Say type T has a field u of type U and field v of type V.
T and U are both ::protobuf::Message.

I have the following function:

fn foo(t: T) -> Result<U> {
    // look into t.v and return Err based on same value
    // return Ok(t.u) 
}

Even though it seems like I have ownership over t, I can't deconstruct a Message and pass on ownership of the field u.

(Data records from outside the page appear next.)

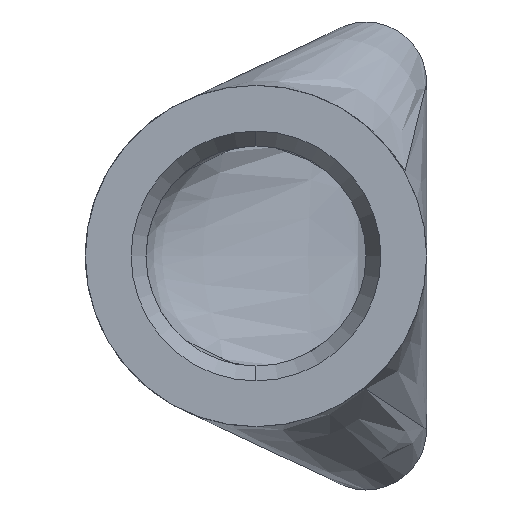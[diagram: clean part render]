
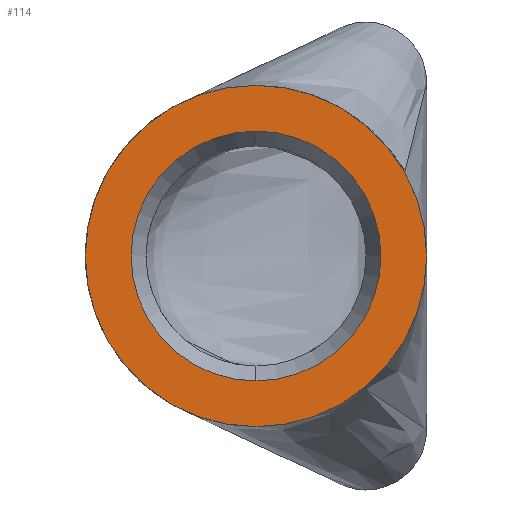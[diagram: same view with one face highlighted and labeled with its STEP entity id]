
A CAD part, left-side view. The second image highlights one B-rep face of the part: STEP entity #114.
In plain terms, the highlighted planar face has unit normal (-1, 0, 0).
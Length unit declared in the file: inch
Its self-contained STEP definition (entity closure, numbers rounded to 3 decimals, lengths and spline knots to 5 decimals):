
#12 = AXIS2_PLACEMENT_3D ( 'NONE', #630, #826, #1202 ) ;
#26 = EDGE_CURVE ( 'NONE', #733, #1041, #786, .T. ) ;
#75 = CARTESIAN_POINT ( 'NONE',  ( 0., 0.4615, 0. ) ) ;
#90 = DIRECTION ( 'NONE',  ( 0., 0., 1. ) ) ;
#114 = ADVANCED_FACE ( 'NONE', ( #728, #237 ), #1012, .T. ) ;
#123 = EDGE_CURVE ( 'NONE', #1041, #733, #557, .T. ) ;
#155 = EDGE_LOOP ( 'NONE', ( #489, #722 ) ) ;
#156 = CARTESIAN_POINT ( 'NONE',  ( 0., 0.4615, -0.33791 ) ) ;
#182 = AXIS2_PLACEMENT_3D ( 'NONE', #1107, #343, #639 ) ;
#191 = CARTESIAN_POINT ( 'NONE',  ( 0., 0.4615, 0.4615 ) ) ;
#209 = AXIS2_PLACEMENT_3D ( 'NONE', #591, #971, #515 ) ;
#237 = FACE_OUTER_BOUND ( 'NONE', #316, .T. ) ;
#305 = VERTEX_POINT ( 'NONE', #191 ) ;
#316 = EDGE_LOOP ( 'NONE', ( #475, #875 ) ) ;
#343 = DIRECTION ( 'NONE',  ( 1., 0., 0. ) ) ;
#353 = CARTESIAN_POINT ( 'NONE',  ( 0., 0.4615, 0.33791 ) ) ;
#451 = EDGE_CURVE ( 'NONE', #305, #615, #600, .T. ) ;
#475 = ORIENTED_EDGE ( 'NONE', *, *, #451, .T. ) ;
#489 = ORIENTED_EDGE ( 'NONE', *, *, #26, .T. ) ;
#515 = DIRECTION ( 'NONE',  ( 0., 0., 1. ) ) ;
#518 = EDGE_CURVE ( 'NONE', #615, #305, #943, .T. ) ;
#557 = CIRCLE ( 'NONE', #12, 0.33791 ) ;
#591 = CARTESIAN_POINT ( 'NONE',  ( 0., 0.4615, 0. ) ) ;
#600 = CIRCLE ( 'NONE', #209, 0.4615 ) ;
#615 = VERTEX_POINT ( 'NONE', #737 ) ;
#630 = CARTESIAN_POINT ( 'NONE',  ( 0., 0.4615, 0. ) ) ;
#639 = DIRECTION ( 'NONE',  ( 0., 0., 1. ) ) ;
#719 = DIRECTION ( 'NONE',  ( 0., 0., 1. ) ) ;
#722 = ORIENTED_EDGE ( 'NONE', *, *, #123, .T. ) ;
#728 = FACE_BOUND ( 'NONE', #155, .T. ) ;
#733 = VERTEX_POINT ( 'NONE', #353 ) ;
#737 = CARTESIAN_POINT ( 'NONE',  ( 0., 0.4615, -0.4615 ) ) ;
#786 = CIRCLE ( 'NONE', #182, 0.33791 ) ;
#821 = CARTESIAN_POINT ( 'NONE',  ( 0., 0., 0. ) ) ;
#826 = DIRECTION ( 'NONE',  ( 1., 0., 0. ) ) ;
#875 = ORIENTED_EDGE ( 'NONE', *, *, #518, .T. ) ;
#902 = AXIS2_PLACEMENT_3D ( 'NONE', #75, #944, #90 ) ;
#943 = CIRCLE ( 'NONE', #902, 0.4615 ) ;
#944 = DIRECTION ( 'NONE',  ( -1., 0., 0. ) ) ;
#971 = DIRECTION ( 'NONE',  ( -1., 0., 0. ) ) ;
#1012 = PLANE ( 'NONE',  #1131 ) ;
#1016 = DIRECTION ( 'NONE',  ( -1., 0., 0. ) ) ;
#1041 = VERTEX_POINT ( 'NONE', #156 ) ;
#1107 = CARTESIAN_POINT ( 'NONE',  ( 0., 0.4615, 0. ) ) ;
#1131 = AXIS2_PLACEMENT_3D ( 'NONE', #821, #1016, #719 ) ;
#1202 = DIRECTION ( 'NONE',  ( 0., 0., 1. ) ) ;
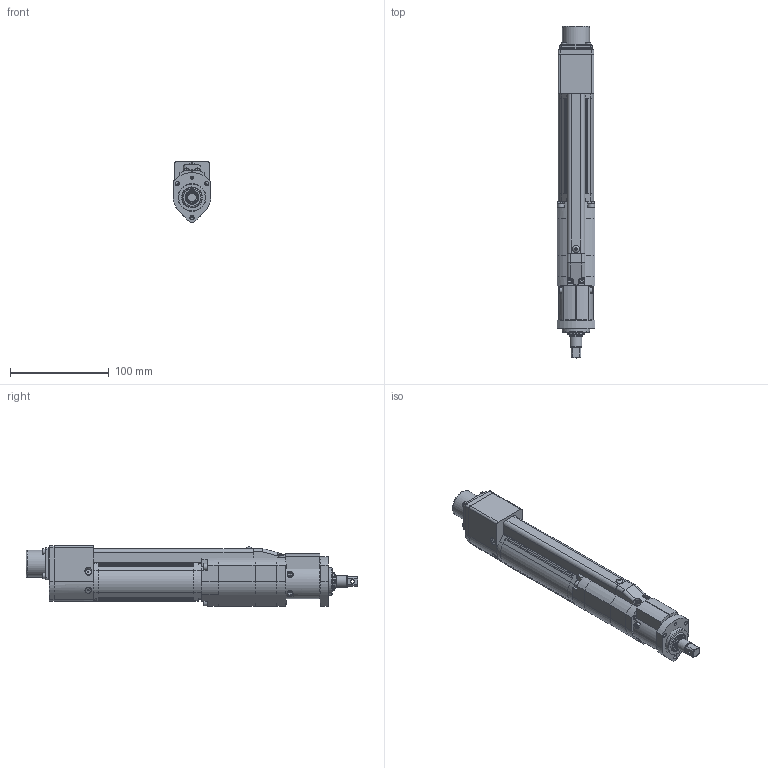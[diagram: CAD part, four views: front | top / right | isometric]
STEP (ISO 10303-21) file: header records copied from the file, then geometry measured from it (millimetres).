
FILE_DESCRIPTION(/* description */ (''),/* implementation_level */ '2;1');
FILE_NAME(/* name */ 'CFT-201RS1-S-H(DS-N018-C+F)_OUTLINE_20201118.stp',/* time_stamp */ '2020-11-18T15:49:55+09:00',/* author */ ('Akihiro_KATO'),/* organization */ (''),/* preprocessor_version */ 'ST-DEVELOPER v18.1',/* originating_system */ 'Autodesk Inventor 2021',/* authorisation */ '');
FILE_SCHEMA (('AUTOMOTIVE_DESIGN { 1 0 10303 214 3 1 1 }'));
Length unit declared in the file: millimetre
Products named in the file (1): CFT-201RS1-S-H(DS-N018-C+F)_OUTLINE_20201118
Bounding box: 38 x 335.4 x 60.99 mm (x, y, z)
Volume: 430846.9 mm3; surface area: 63231.4 mm2
Topology: 1 solids, 1 shells, 707 faces, 1772 edges, 1119 vertices
Faces by surface type: plane 436, cylinder 195, cone 36, torus 17, sphere 15, bspline 8
Full cylindrical faces by diameter (mm): 1 x14, 1.2 x2, 1.6 x4, 3.242 x1, 3.5 x1, 4 x3, 4.134 x3, 4.5 x4, 5.5 x15, 6 x4, 6.5 x1, 6.9 x1, 7 x6, 12 x1, 13.4 x1, 14 x2, 14.7 x1, 20 x1, 20.8 x1, 27.4 x1, 28 x1
Entity records: 22359 total; most frequent: CARTESIAN_POINT 4702, DIRECTION 3544, ORIENTED_EDGE 3484, EDGE_CURVE 1742, AXIS2_PLACEMENT_3D 1250, VERTEX_POINT 1119, LINE 1044, VECTOR 1044

I recommend adding something similar to the following two extra functions per field

    // same as existing
    pub fn mut_field(&'a mut self) -> &'a mut T {
        if self.status.is_none() {
            self.field.set_default();
        };
        self.field.as_mut().unwrap()
    }

    // same as existing
    pub fn get_field(&'a self) -> &'a T {
        self.field.as_ref().unwrap_or_else(|| T::default_instance())
    }

    // new, the idea is to take the field away from the enclosing message
    // ownership is transferred to the caller
    pub fn take_field(&mut self) -> T {
        // perhaps we should leave a tombstone behind 
        // the current impl of take refill the value with default
        self.field.take().unwrap() 
    }

    // the original message's life ends here, 
    // ownership of the field is passed on
    pub fn unwrap_field(self) -> T {
        self.field.unwrap()
    }

With the new semantics I can now implement my method by:

fn foo(t: T) -> Result<U> {
    let v = t.take_v();
    if v.w { Err("Error...") }
    else { Ok ( t.unwrap_u() ) }
}

I don't know if this is the correct way of solving the use case, but it makes it possible to implement.

Another option is...

A possible breaking change given that this needs to be implemented for each field is to have a single get_field that returns Field<T> and have that wrapper trait surface take(), unwrap(), as_ref(), and as_mut() (perhaps clone() if T : Clone). I know this is a subset of SingularField and SingularPtrField backing the internal Message.

Honestly, I've seen all those functions being used throughout the std and other crates, I'm not sure if it's worth bringing it up with the Rust devs but having 4 unique traits that represent each of those operations might clean up a lot of code and allow for certain generic macro sugaring. If I'm not mistaken, Deref and DerefMut cover the signatures for as_ref and as_mut as operator overloads which is what is currently available with get_field and get_mut_field. I'm not sure if the borrow module is more applicable.